((
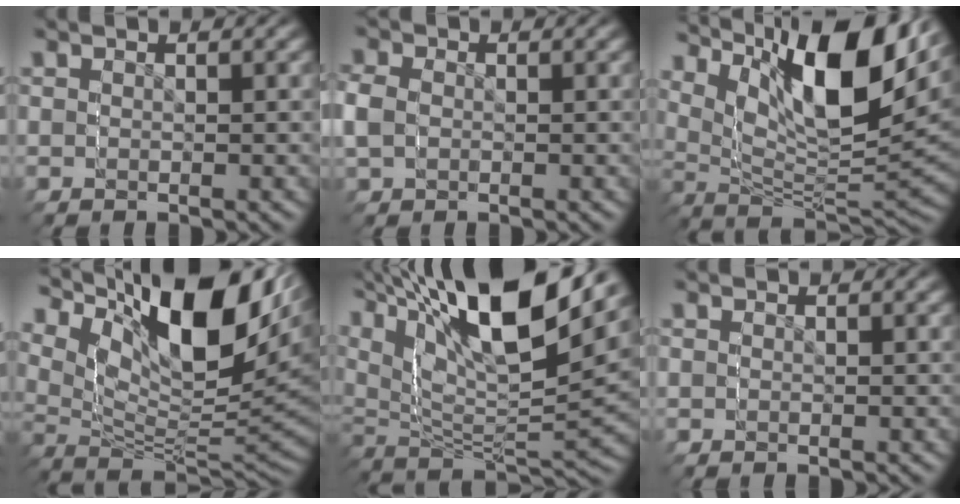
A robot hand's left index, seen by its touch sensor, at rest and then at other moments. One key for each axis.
{"total": 1.2, "fx": -0.3, "fy": 0.7, "fz": -0.9, "tx": 0.005, "ty": -0.020, "tz": 0.000}
{"total": 11.3, "fx": 6.3, "fy": 5.6, "fz": 7.5, "tx": -0.141, "ty": 0.027, "tz": 0.080}
{"total": 12.5, "fx": 5.6, "fy": 6.8, "fz": 8.9, "tx": -0.161, "ty": 0.025, "tz": 0.074}
{"total": 12.4, "fx": 7.7, "fy": 6.4, "fz": 7.4, "tx": -0.154, "ty": 0.024, "tz": 0.104}
{"total": 1.0, "fx": 0.1, "fy": 1.0, "fz": 0.0, "tx": -0.003, "ty": -0.010, "tz": 0.002}
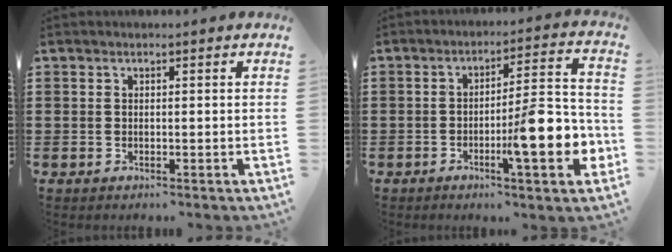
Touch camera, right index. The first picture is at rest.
{"total": 11.2, "force": [-3.8, 1.9, 10.4], "torque": [-0.144, -0.008, -0.068]}
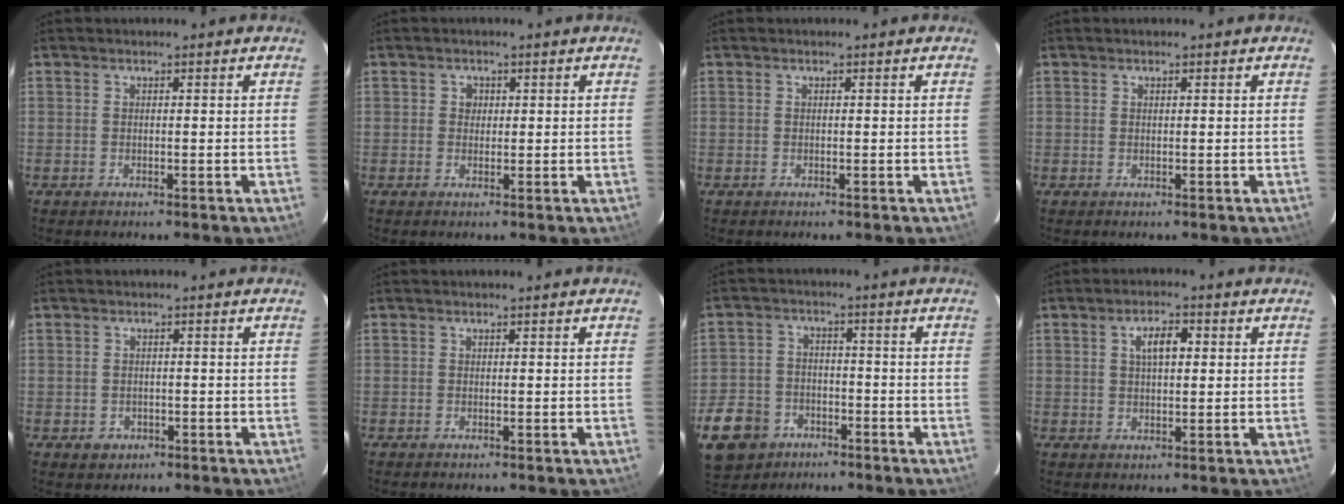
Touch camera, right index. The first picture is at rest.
{"total": 1.5, "force": [0.3, 1.5, 0.2], "torque": [0.000, 0.005, 0.003]}
{"total": 0.0}
{"total": 0.0}
{"total": 2.7, "force": [-1.0, 2.4, 0.6], "torque": [-0.013, 0.001, -0.010]}
{"total": 0.0}
{"total": 12.6, "force": [-6.9, 9.5, 4.6], "torque": [-0.135, 0.014, -0.106]}
{"total": 4.5, "force": [1.2, 2.0, 3.8], "torque": [-0.066, 0.012, 0.023]}
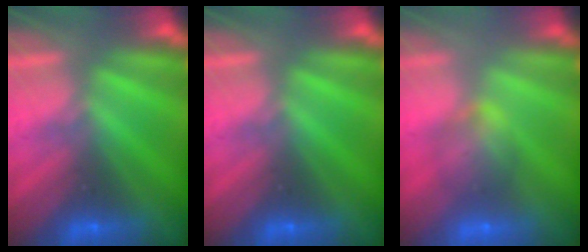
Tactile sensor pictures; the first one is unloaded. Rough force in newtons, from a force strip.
{"total": 0.0}
{"total": 7.8}
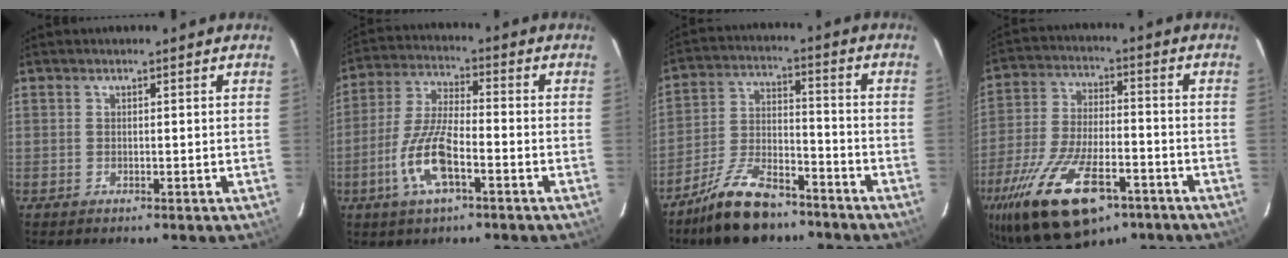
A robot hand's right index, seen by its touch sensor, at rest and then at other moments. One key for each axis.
{"total": 11.0, "fx": -4.6, "fy": 3.3, "fz": 9.5, "tx": -0.204, "ty": -0.003, "tz": -0.091}
{"total": 14.3, "fx": -11.0, "fy": 5.5, "fz": 7.3, "tx": -0.151, "ty": 0.009, "tz": -0.190}
{"total": 23.5, "fx": -13.6, "fy": 10.5, "fz": 16.1, "tx": -0.338, "ty": -0.043, "tz": -0.224}
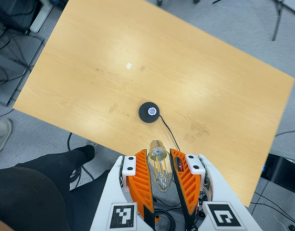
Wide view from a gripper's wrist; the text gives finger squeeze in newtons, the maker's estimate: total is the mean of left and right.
{"total": 10.0, "left": 9.7, "right": 10.2}
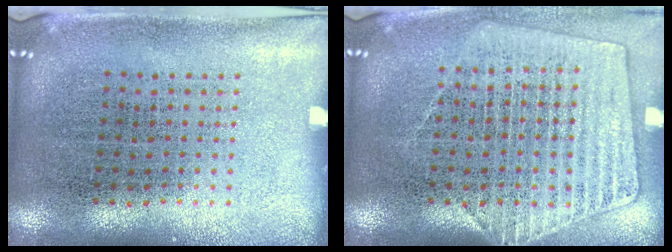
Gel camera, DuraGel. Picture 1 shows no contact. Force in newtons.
{"total": 1.3, "press": 1.2, "slide": 0.5}
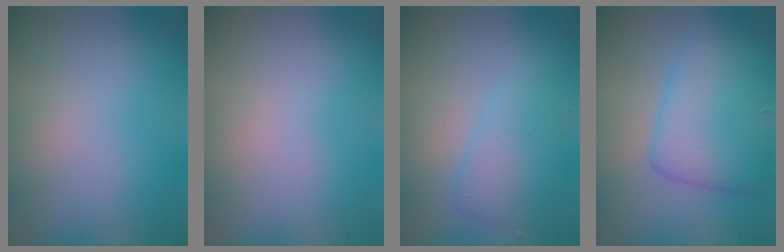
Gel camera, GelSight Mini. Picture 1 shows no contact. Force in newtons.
{"total": 0.0}
{"total": 2.6, "press": 2.6, "slide": 0.0}
{"total": 4.9, "press": 4.9, "slide": 0.2}
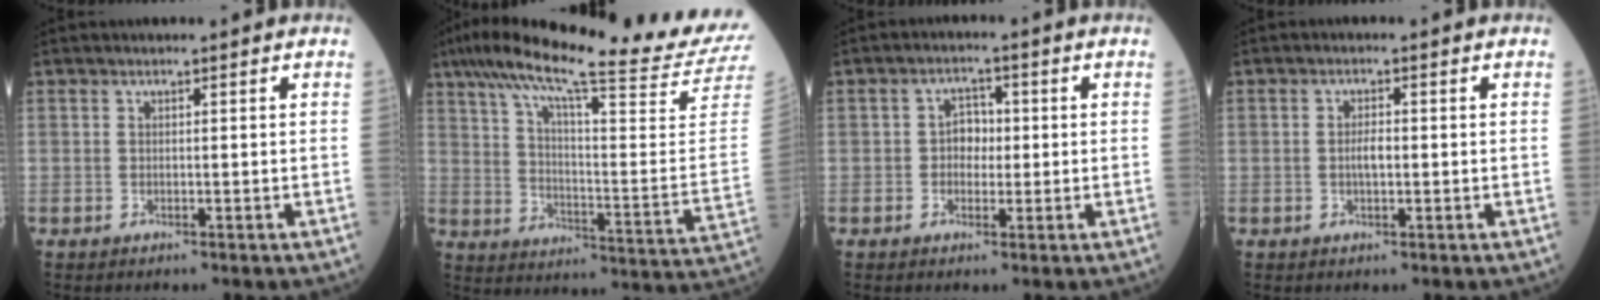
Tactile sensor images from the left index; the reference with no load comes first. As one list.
[{"total": 27.1, "force": [23.5, -1.3, 13.5], "torque": [-0.226, -0.072, 0.317]}, {"total": 3.3, "force": [0.0, 2.4, 2.3], "torque": [-0.033, 0.013, -0.003]}, {"total": 2.1, "force": [-0.1, 0.7, 2.0], "torque": [-0.040, 0.003, -0.002]}]
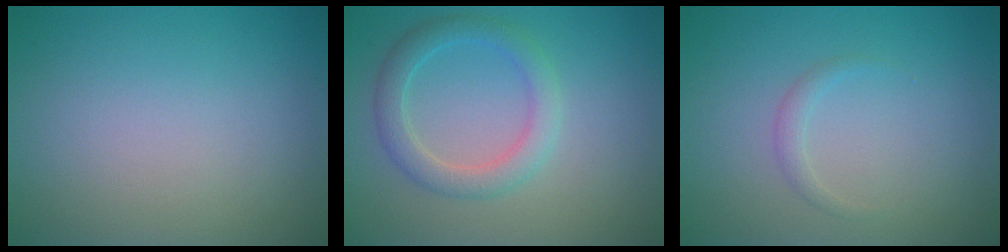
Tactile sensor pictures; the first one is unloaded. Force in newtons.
{"total": 3.0, "press": 3.0, "slide": 0.3}
{"total": 0.5, "press": 0.5, "slide": 0.1}
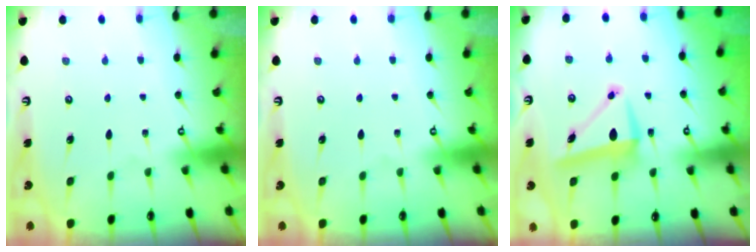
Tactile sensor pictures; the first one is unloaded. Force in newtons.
{"total": 0.0}
{"total": 8.9, "press": 8.8, "slide": 1.5}
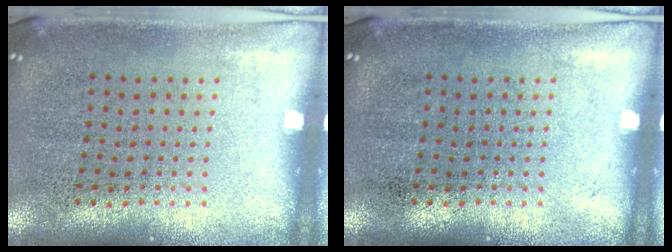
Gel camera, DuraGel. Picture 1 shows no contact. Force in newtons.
{"total": 0.0}
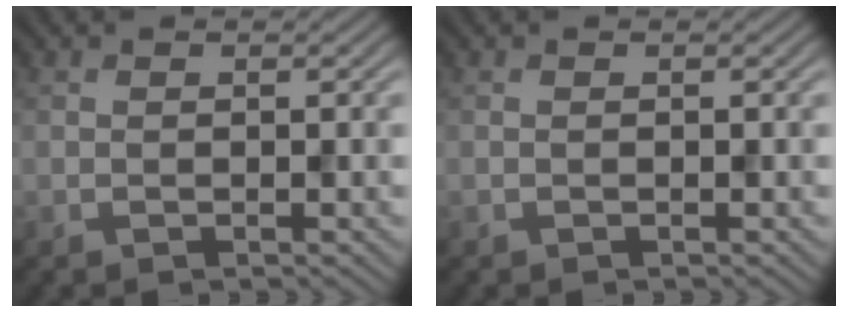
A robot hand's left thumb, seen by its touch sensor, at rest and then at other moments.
{"total": 0.0}
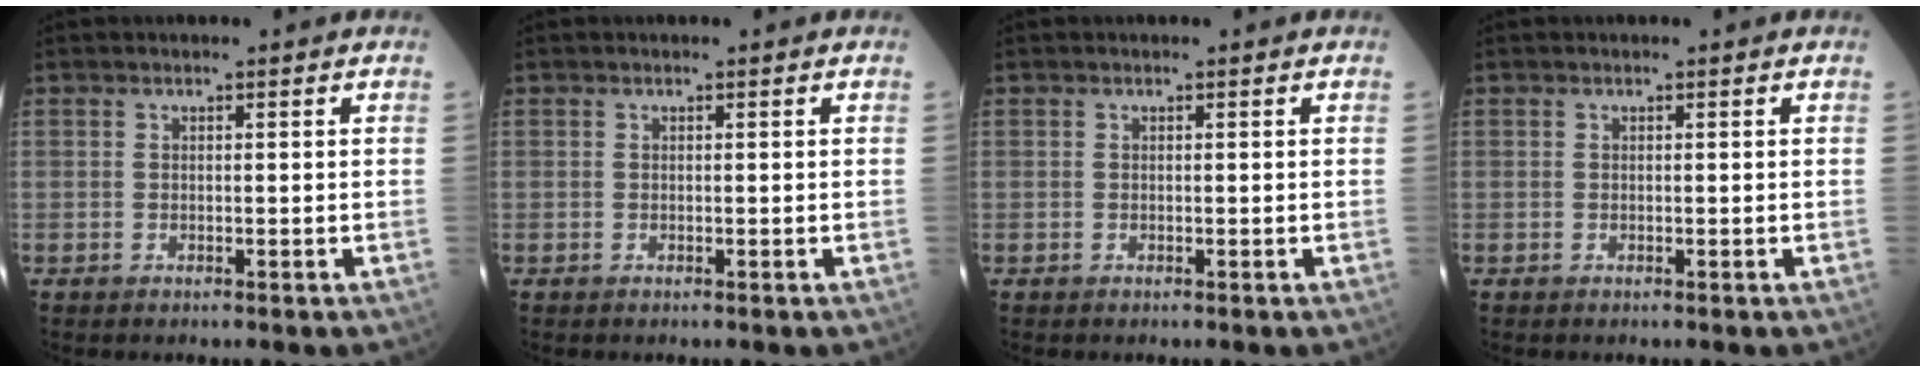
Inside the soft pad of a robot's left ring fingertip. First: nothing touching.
{"total": 0.0}
{"total": 0.0}
{"total": 0.0}
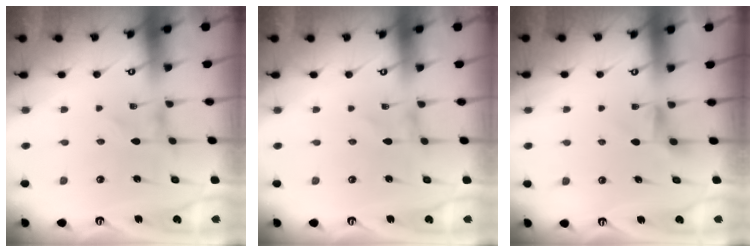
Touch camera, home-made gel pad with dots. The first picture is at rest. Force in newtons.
{"total": 0.7, "press": 0.7, "slide": 0.1}
{"total": 4.6, "press": 4.6, "slide": 0.4}
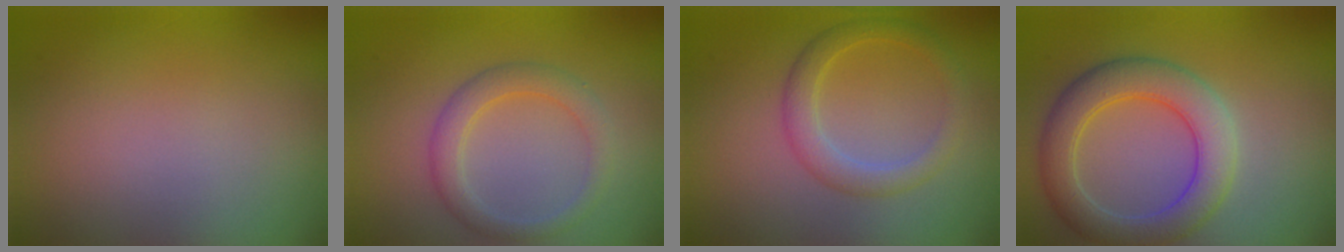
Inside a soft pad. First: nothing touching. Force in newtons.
{"total": 2.7, "press": 2.7, "slide": 0.1}
{"total": 2.8, "press": 2.8, "slide": 0.1}
{"total": 5.4, "press": 5.4, "slide": 0.3}
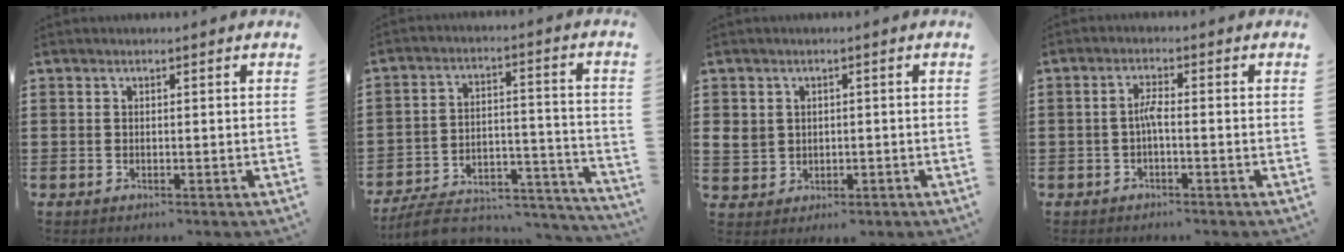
))
WHAT NEEDS TO BE DONE: Could you retype every record above exactly, leaving the pictures out?

YOUR SOLUTION:
A robot hand's left index, seen by its touch sensor, at rest and then at other moments. One key for each axis.
{"total": 1.2, "fx": -0.3, "fy": 0.7, "fz": -0.9, "tx": 0.005, "ty": -0.020, "tz": 0.000}
{"total": 11.3, "fx": 6.3, "fy": 5.6, "fz": 7.5, "tx": -0.141, "ty": 0.027, "tz": 0.080}
{"total": 12.5, "fx": 5.6, "fy": 6.8, "fz": 8.9, "tx": -0.161, "ty": 0.025, "tz": 0.074}
{"total": 12.4, "fx": 7.7, "fy": 6.4, "fz": 7.4, "tx": -0.154, "ty": 0.024, "tz": 0.104}
{"total": 1.0, "fx": 0.1, "fy": 1.0, "fz": 0.0, "tx": -0.003, "ty": -0.010, "tz": 0.002}
Touch camera, right index. The first picture is at rest.
{"total": 11.2, "force": [-3.8, 1.9, 10.4], "torque": [-0.144, -0.008, -0.068]}
Touch camera, right index. The first picture is at rest.
{"total": 1.5, "force": [0.3, 1.5, 0.2], "torque": [0.000, 0.005, 0.003]}
{"total": 0.0}
{"total": 0.0}
{"total": 2.7, "force": [-1.0, 2.4, 0.6], "torque": [-0.013, 0.001, -0.010]}
{"total": 0.0}
{"total": 12.6, "force": [-6.9, 9.5, 4.6], "torque": [-0.135, 0.014, -0.106]}
{"total": 4.5, "force": [1.2, 2.0, 3.8], "torque": [-0.066, 0.012, 0.023]}
Tactile sensor pictures; the first one is unloaded. Rough force in newtons, from a force strip.
{"total": 0.0}
{"total": 7.8}
A robot hand's right index, seen by its touch sensor, at rest and then at other moments. One key for each axis.
{"total": 11.0, "fx": -4.6, "fy": 3.3, "fz": 9.5, "tx": -0.204, "ty": -0.003, "tz": -0.091}
{"total": 14.3, "fx": -11.0, "fy": 5.5, "fz": 7.3, "tx": -0.151, "ty": 0.009, "tz": -0.190}
{"total": 23.5, "fx": -13.6, "fy": 10.5, "fz": 16.1, "tx": -0.338, "ty": -0.043, "tz": -0.224}
Wide view from a gripper's wrist; the text gives finger squeeze in newtons, the maker's estimate: total is the mean of left and right.
{"total": 10.0, "left": 9.7, "right": 10.2}
Gel camera, DuraGel. Picture 1 shows no contact. Force in newtons.
{"total": 1.3, "press": 1.2, "slide": 0.5}
Gel camera, GelSight Mini. Picture 1 shows no contact. Force in newtons.
{"total": 0.0}
{"total": 2.6, "press": 2.6, "slide": 0.0}
{"total": 4.9, "press": 4.9, "slide": 0.2}
Tactile sensor images from the left index; the reference with no load comes first. As one list.
[{"total": 27.1, "force": [23.5, -1.3, 13.5], "torque": [-0.226, -0.072, 0.317]}, {"total": 3.3, "force": [0.0, 2.4, 2.3], "torque": [-0.033, 0.013, -0.003]}, {"total": 2.1, "force": [-0.1, 0.7, 2.0], "torque": [-0.040, 0.003, -0.002]}]
Tactile sensor pictures; the first one is unloaded. Force in newtons.
{"total": 3.0, "press": 3.0, "slide": 0.3}
{"total": 0.5, "press": 0.5, "slide": 0.1}
Tactile sensor pictures; the first one is unloaded. Force in newtons.
{"total": 0.0}
{"total": 8.9, "press": 8.8, "slide": 1.5}
Gel camera, DuraGel. Picture 1 shows no contact. Force in newtons.
{"total": 0.0}
A robot hand's left thumb, seen by its touch sensor, at rest and then at other moments.
{"total": 0.0}
Inside the soft pad of a robot's left ring fingertip. First: nothing touching.
{"total": 0.0}
{"total": 0.0}
{"total": 0.0}
Touch camera, home-made gel pad with dots. The first picture is at rest. Force in newtons.
{"total": 0.7, "press": 0.7, "slide": 0.1}
{"total": 4.6, "press": 4.6, "slide": 0.4}
Inside a soft pad. First: nothing touching. Force in newtons.
{"total": 2.7, "press": 2.7, "slide": 0.1}
{"total": 2.8, "press": 2.8, "slide": 0.1}
{"total": 5.4, "press": 5.4, "slide": 0.3}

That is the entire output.